Directions for this task: Every entry below should be printed exactly, without its images.
>>>
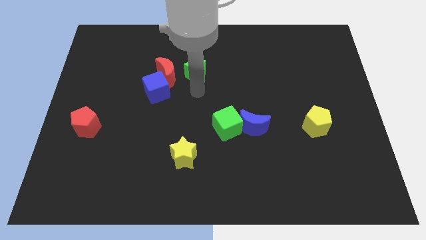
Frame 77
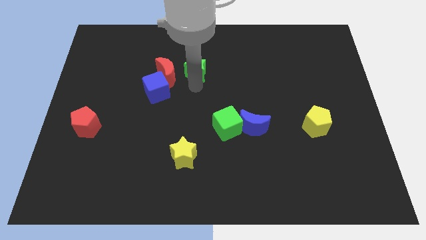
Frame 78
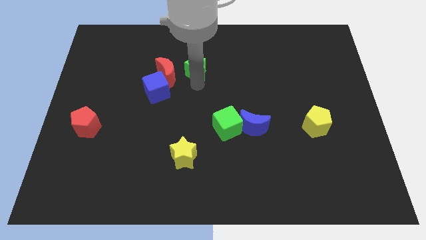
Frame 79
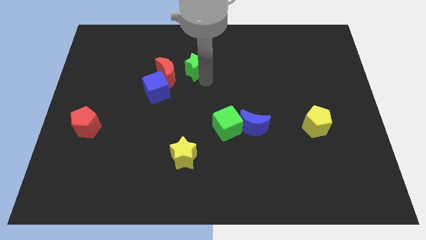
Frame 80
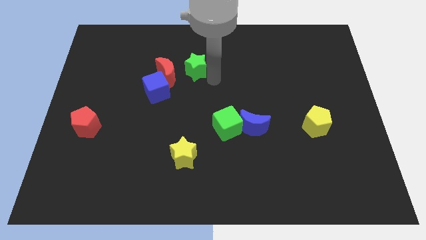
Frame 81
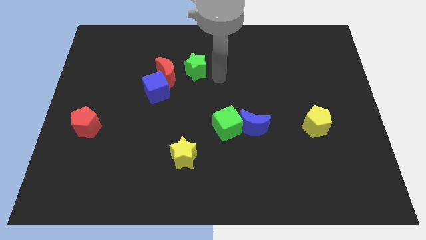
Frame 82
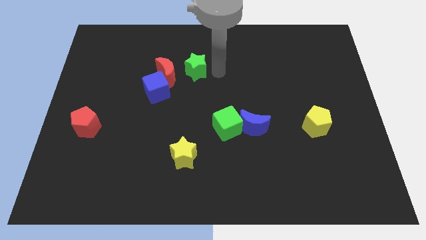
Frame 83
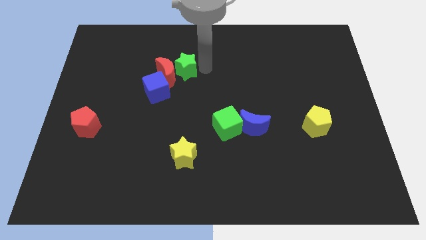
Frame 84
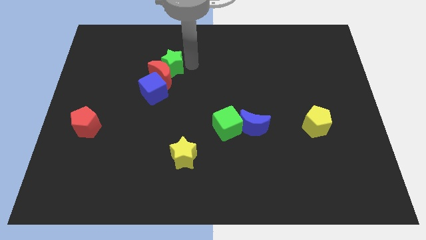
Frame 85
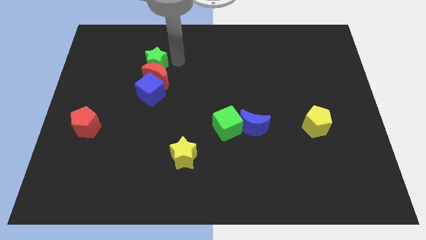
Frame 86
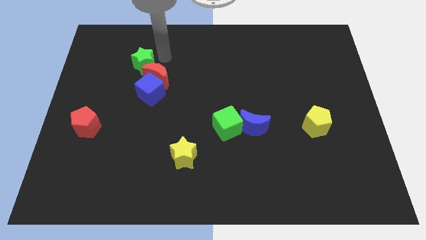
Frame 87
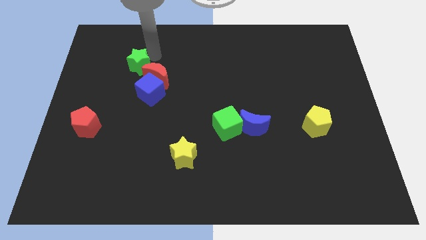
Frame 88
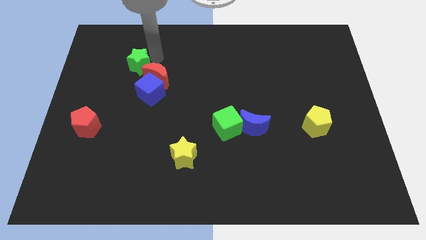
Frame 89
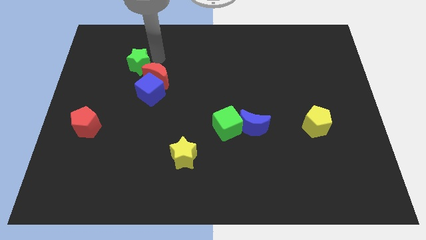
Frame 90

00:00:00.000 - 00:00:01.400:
<<<
Result below:
Frame 77
Frame 78
Frame 79
Frame 80
Frame 81
Frame 82
Frame 83
Frame 84
Frame 85
Frame 86
Frame 87
Frame 88
Frame 89
Frame 90

00:00:00.000 - 00:00:01.400:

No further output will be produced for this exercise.